Report every line of the records beneath this task that holds the string "fill".

___ THE INPUT ___

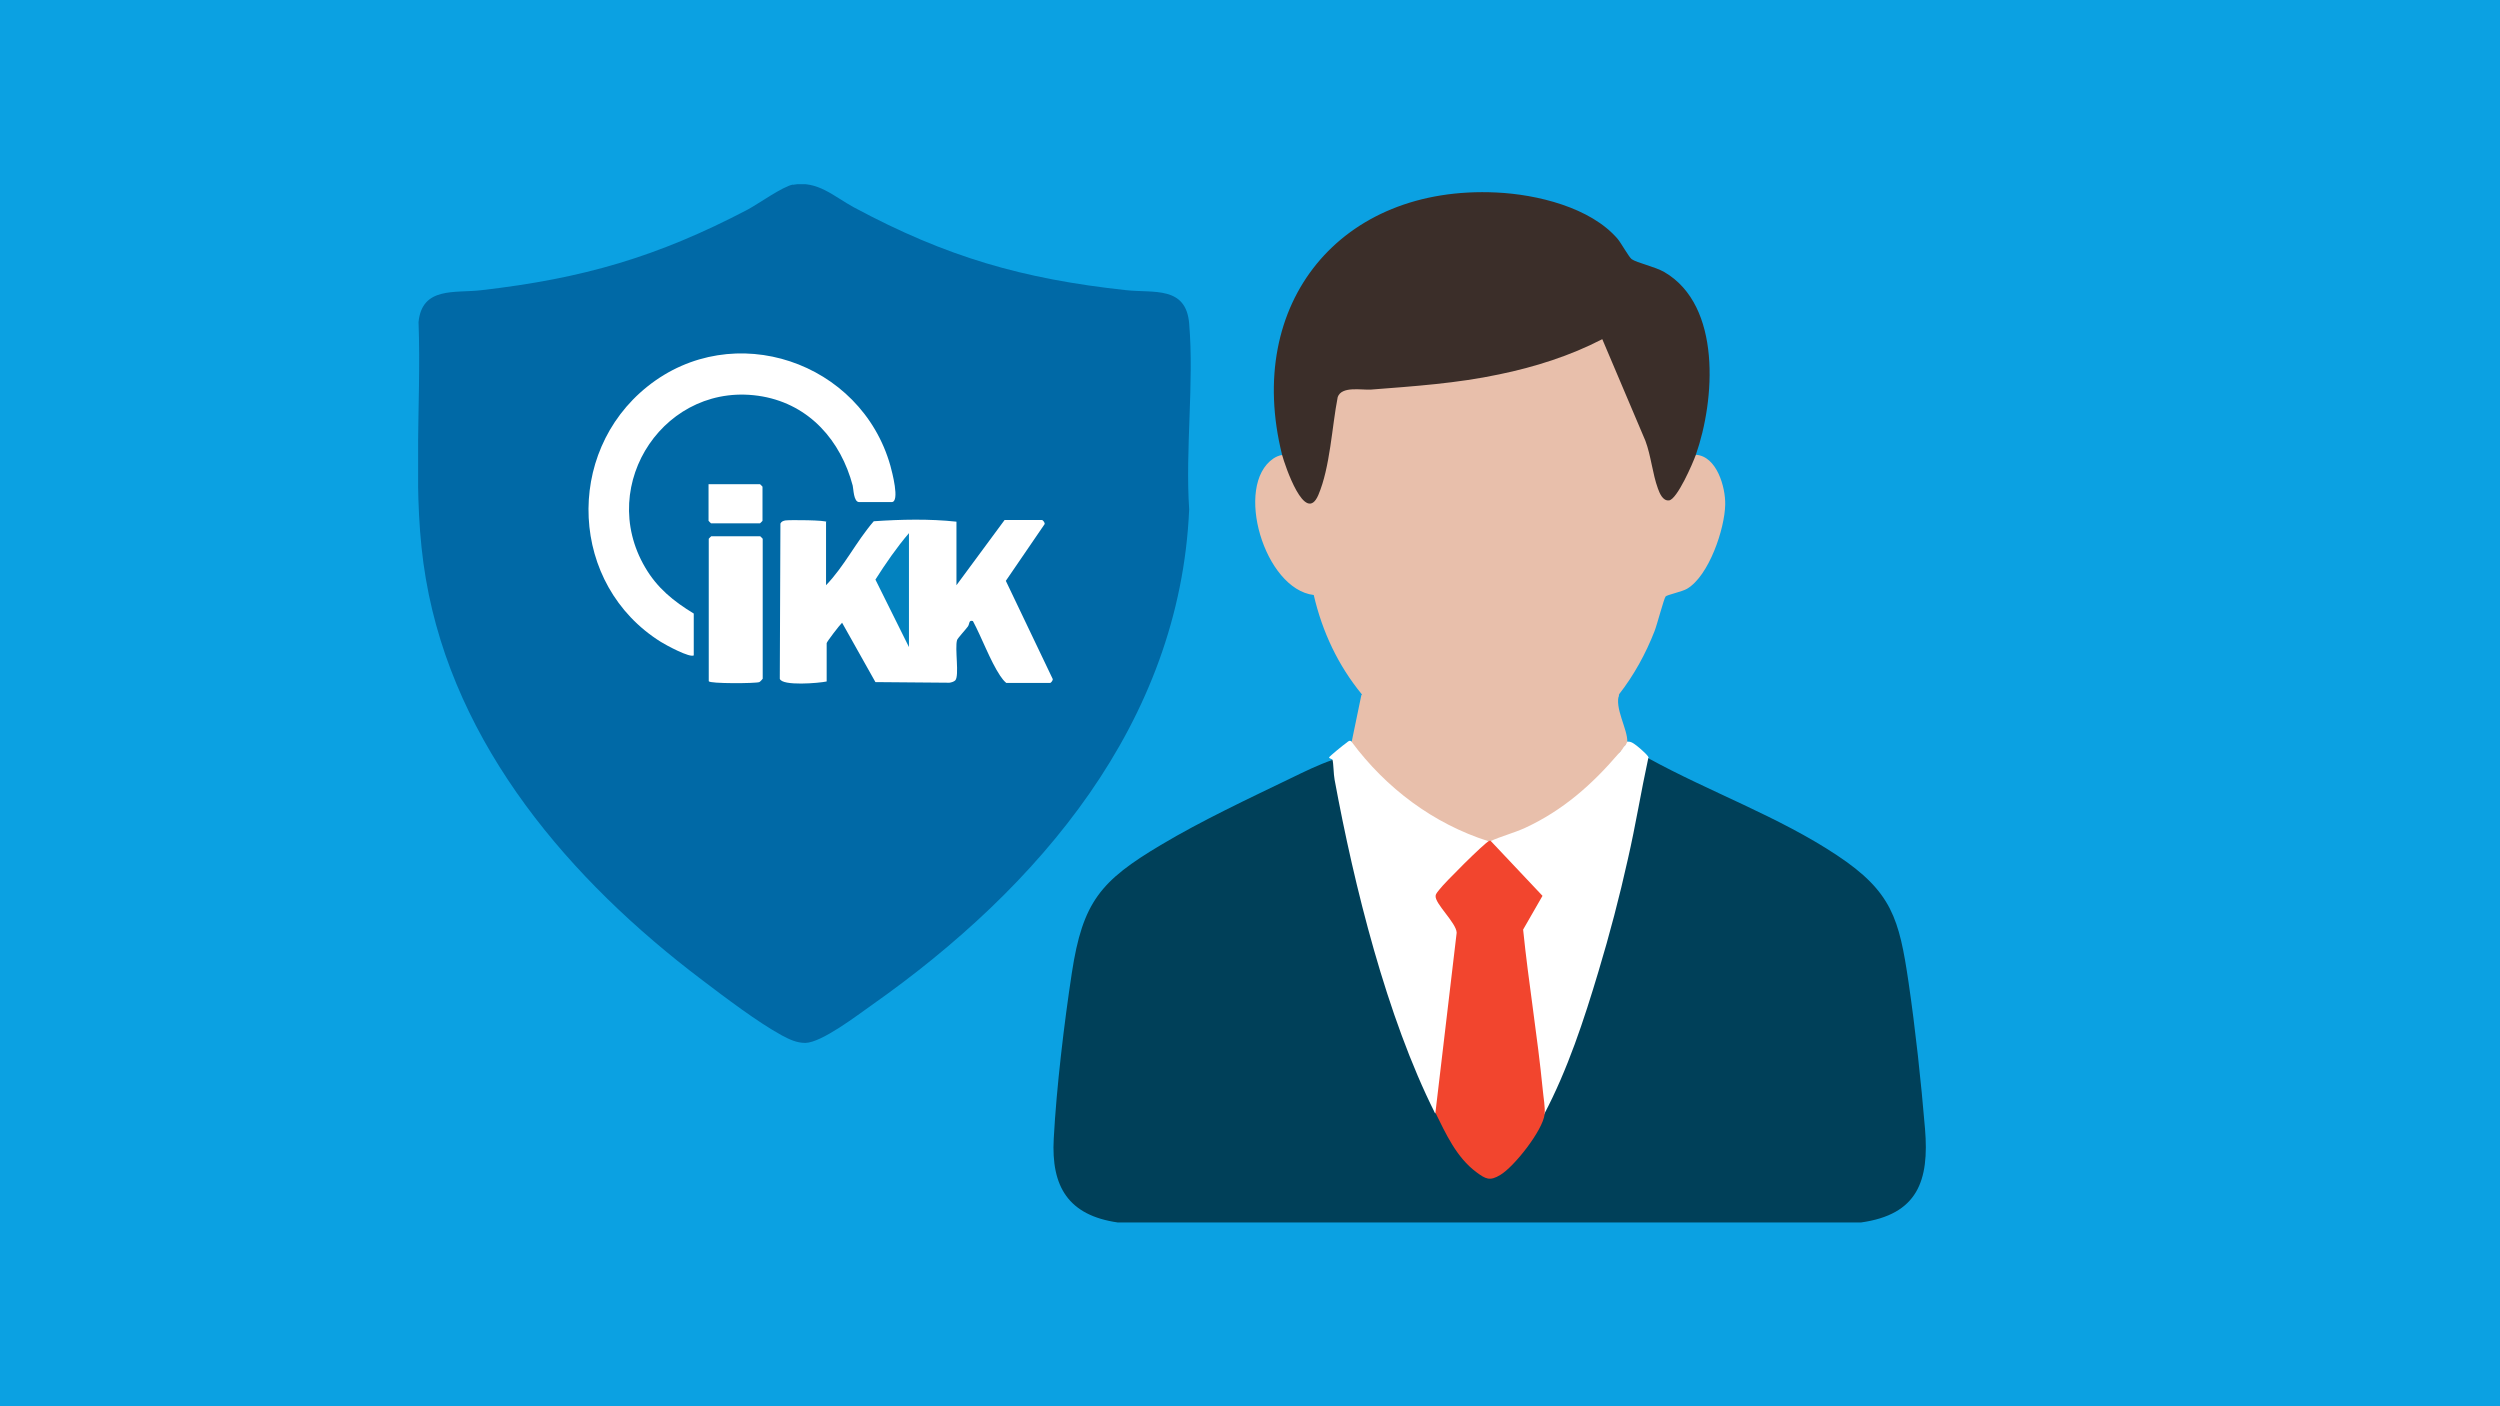 <?xml version="1.0" encoding="UTF-8"?>
<svg id="RASTER" xmlns="http://www.w3.org/2000/svg" xmlns:xlink="http://www.w3.org/1999/xlink" version="1.1" viewBox="0 0 1200 675">
  <!-- Generator: Adobe Illustrator 29.5.0, SVG Export Plug-In . SVG Version: 2.1.0 Build 137)  -->
  <defs>
    <style>
      .st0 {
        fill: none;
      }

      .st1 {
        fill: #004059;
      }

      .st2 {
        fill: #0069a6;
      }

      .st3 {
        fill: #0382bf;
      }

      .st4 {
        fill: #3b2e29;
      }

      .st5 {
        fill: #0ba1e2;
      }

      .st6 {
        fill: #fff;
      }

      .st7 {
        fill: #e8bfab;
      }

      .st8 {
        fill: #f2452e;
      }

      .st9 {
        fill: #ededed;
      }

      .st10 {
        clip-path: url(#clippath);
      }
    </style>
    <clipPath id="clippath">
      <rect class="st0" x="200.7" y="88.4" width="723.9" height="498.3"/>
    </clipPath>
  </defs>
  <rect class="st5" x="-14.4" y="-6" width="1214.5" height="686.2"/>
  <g class="st10">
    <path class="st2" d="M380.6,88.7c11.9-2.2,19.7,5.7,29.4,10.9,44.2,23.7,80.7,34.3,130.7,39.7,13.1,1.4,28.6-2.1,30.1,16,2.4,28.5-1.9,60.4,0,89.2-4.5,102.6-72.2,181.5-152.3,237.9-7.1,5-24,18-31.9,18.2-4.3,0-7.7-1.7-11.3-3.6-12-6.6-27.2-18.2-38.3-26.6-63.1-47.7-118.9-112.3-132.6-192.6-6.9-40.1-2-82.5-3.5-123.2,1.7-17.2,17.6-13.8,30.1-15.3,48.8-5.6,84.6-16,127.9-38.7,5.2-2.8,16.8-11.1,21.7-12"/>
    <path class="st1" d="M639.6,364.6l1.7.7c8.2,55,23.2,112.1,46.6,163.6l.9,5.4,2.3,1.1c3.2,7.7,15,28.5,23.8,29,7,.4,22.9-21.4,24.5-28.5l1.7-.8,1.1-5.3c23-50.2,35.7-104.9,45.9-159.3.7-2.3,1.7-4.5,3-6.6,29.6,16.3,62.4,27.9,90.6,46.6,26.4,17.5,29.9,30.5,34.4,61,3.3,22.5,6,47.6,7.9,70.3,2.1,25-3.5,41.2-30.8,45h-356.6c-23.8-3.4-32.1-17.2-30.8-40.3,1.3-24.4,5-55.4,8.7-79.6,5.2-34,13.8-44.1,42.7-61.3,19.4-11.6,42-22.2,62.5-32.1,6.4-3.1,13.1-6.4,19.8-8.7"/>
    <path class="st7" d="M814,218.3c10,.6,14.3,15.5,14.1,23.9-.2,11.6-7.8,34.2-18.3,40.4-2.3,1.4-9.6,2.9-10.3,3.7-.8.9-4.2,13.9-5.3,16.6-4.2,10.8-9.9,21.2-17,30.3-2.1,7.3-8.3,12.8-14.5,17.2-31.6,22.7-83,14.1-108.6-14.2l-.4-2.9c-11.4-13.9-19-30-23.1-47.7-23.7-2.8-38.4-52.5-19.4-65.5,1.2-.8,2.7-1.5,4.2-1.7l1.7.4c.5,3.3,8.3,23.2,11.9,21.5,2.3-1.1,4.3-8.2,4.9-10.7,2.7-13,4.9-26.2,6.7-39.4,1.2-3.4,4.6-4.5,7.9-4.7,40.8-.5,83.2-6.1,120.6-23.7l1.7,1.2,20.5,48.2c2,6.6,3.7,13.3,5.1,20.1.4,1.7,2.4,8.1,4.5,7.6,3.1-.7,9.9-16.4,11.3-20l1.8-.4Z"/>
    <path class="st4" d="M814,218.3c-1.4,4-9,21.5-12.9,21.9-3,.3-4.5-3.5-5.3-5.7-2.6-7.1-3.3-15.7-6-22.9l-20.7-48.8c-15.4,8-32.5,13.4-49.5,16.9-20.2,4.3-40.9,5.7-61.5,7.3-4.6.3-14.1-1.8-16,3.6-2.8,14.3-3.6,33.6-9.3,47-6.3,14.7-16-14.1-17.4-19.3-18.2-72.8,28.1-129.5,102.9-125.9,19.3.9,45.2,7.1,58.2,22.3,1.8,2.2,5.3,8.6,6.7,9.7,2.6,1.8,11.2,3.6,15.7,6.2,27.6,16.1,24.3,61.6,15.1,87.7"/>
    <path class="st6" d="M781.1,356c1.9-.2,3.2,1,4.6,2,1.3,1,6.5,5.5,5.5,5.8-3.5,16.1-6.1,32.4-9.8,48.5-4,18-8.8,36.3-14.1,53.9-7,23.4-14.8,47.2-26.2,68.8l-1.5-1.1c-3-29.1-6.4-58.3-10.2-87.9l8.7-16-23.3-24.7.5-1.7,1.4-2.3c22.5-6.7,41.6-20.5,56.9-38.3l3.4-1.6.8-.8c-1.5-1.6-.6-3.1,1.6-2.3l.8-.8c-1.5-1.5-1.3-1.7.8-1.6"/>
    <path class="st6" d="M649,356l3.4,1.9c15.3,19.6,35.8,34.9,59.4,43.2l2.9,2.6.3,1.7c-8.9,7.6-17.1,16-24.5,24.9,3.9,5.7,7.3,11.5,10.1,17.5l-10.1,85.7-1.7.8c-23.2-46.2-38.8-109.1-48.2-160.1-.5-2.6-.5-7.8-1-9.5-.2-.5-1.8-.6-1.6-1.2.3-.6,6.9-6,8.1-6.8,1.1-.8,1.6-1.7,2.9-.6"/>
    <path class="st7" d="M777.2,333.3c-2.4,6.4,4.1,16.7,3.9,22.7,0,.2-.6,1.2-.8,1.6l-.8.8c-.5.8-1,1.6-1.6,2.3l-.8.8c-12.8,15-26.9,27.5-45.1,35.9-5.5,2.5-11.5,4-16.7,6.4-.2.7-.5.7-.8,0-26.5-8.4-49.2-25.5-65.7-47.7l4.7-22.7c27.4,33.2,90.8,40.3,119.2,5.5,1.5-1.8,3.6-4.7,4.3-5.5"/>
    <path class="st6" d="M396.5,250.4v30.5c8.8-9.1,14.5-21,22.9-30.7,13-.9,26.7-1.2,39.7.2v30.5l23.1-31.3h18c.3,0,1.5,1.3,1.2,2l-18.6,27.2,22.5,47.1c.2.7-.9,1.9-1.2,1.9h-21.1c-1.2-1-2-2.1-2.9-3.4-4.8-7.2-8.9-18.5-13.1-26.3-2.1-.6-1.5,1.3-2.4,2.6-1,1.4-4.9,5.6-5.2,6.5-1.2,3.9,1.2,17.3-.9,19.4-.6.6-1.9,1-2.8,1.1l-35.5-.3-16-28.5c-1.2,1.1-7.4,9.2-7.4,9.8v18.4c-3.7.8-21.4,2.3-22.5-1.3l.3-74.5c.5-1,1.3-1.3,2.4-1.5,1.7-.3,19.9-.2,19.9.8"/>
    <path class="st6" d="M333.1,314.5c-1.6,1.6-13.7-5-15.9-6.4-43.7-27.3-46.5-90.6-6.4-122.6,41.2-32.9,102.5-11.9,116.6,38.1.7,2.6,4.7,17.4.6,17.4h-15.6c-2.7,0-2.7-6.3-3.1-7.9-5.7-21.5-20.6-38.7-43.3-42.8-46.2-8.2-80,41.9-56.3,82.1,5.8,9.9,13.6,16.2,23.3,22.1v19.9Z"/>
    <path class="st6" d="M340.2,327v-68.4c0,0,1.1-1.2,1.2-1.2h23.5c0,0,1.2,1.1,1.2,1.2v67.2c0,.1-1.2,1.4-1.6,1.6-1.6.7-24.2.8-24.2-.4"/>
    <path class="st6" d="M340.2,232.4h24.6c0,0,1.2,1.1,1.2,1.2v16.4c0,0-1.1,1.2-1.2,1.2h-23.5c0,0-1.2-1.1-1.2-1.2v-17.6Z"/>
    <path class="st8" d="M715.5,403.6l24.9,26.4-9.3,16.2c2.6,25.6,6.9,51.1,9.4,76.7.3,3.6,1.3,8.7.9,12-.8,7.5-14.5,25.1-21.3,29.1-5,3-6.9,2-11.5-1.4-9.5-7.1-14.5-18.2-19.6-28.5l10.2-86.4c-.1-4.7-10.7-14.1-10.1-17.8.2-1.2,1.2-2,1.8-2.9,2.3-3.1,21.2-22,23.9-23.4.2-.1.6,0,.8,0"/>
    <path class="st9" d="M779.6,358.3c.2-.3.5-.5.8-.8-.2.3-.5.5-.8.8"/>
    <path class="st9" d="M777.2,361.4c.2-.3.6-.5.8-.8l-.8.8Z"/>
    <path class="st3" d="M436.3,310.6l-16.1-32.4c4.9-7.7,10.2-15.4,16.1-22.3v54.7Z"/>
  </g>
</svg>

___

**EXPECTED ANSWER:**
        fill: none;
        fill: #004059;
        fill: #0069a6;
        fill: #0382bf;
        fill: #3b2e29;
        fill: #0ba1e2;
        fill: #fff;
        fill: #e8bfab;
        fill: #f2452e;
        fill: #ededed;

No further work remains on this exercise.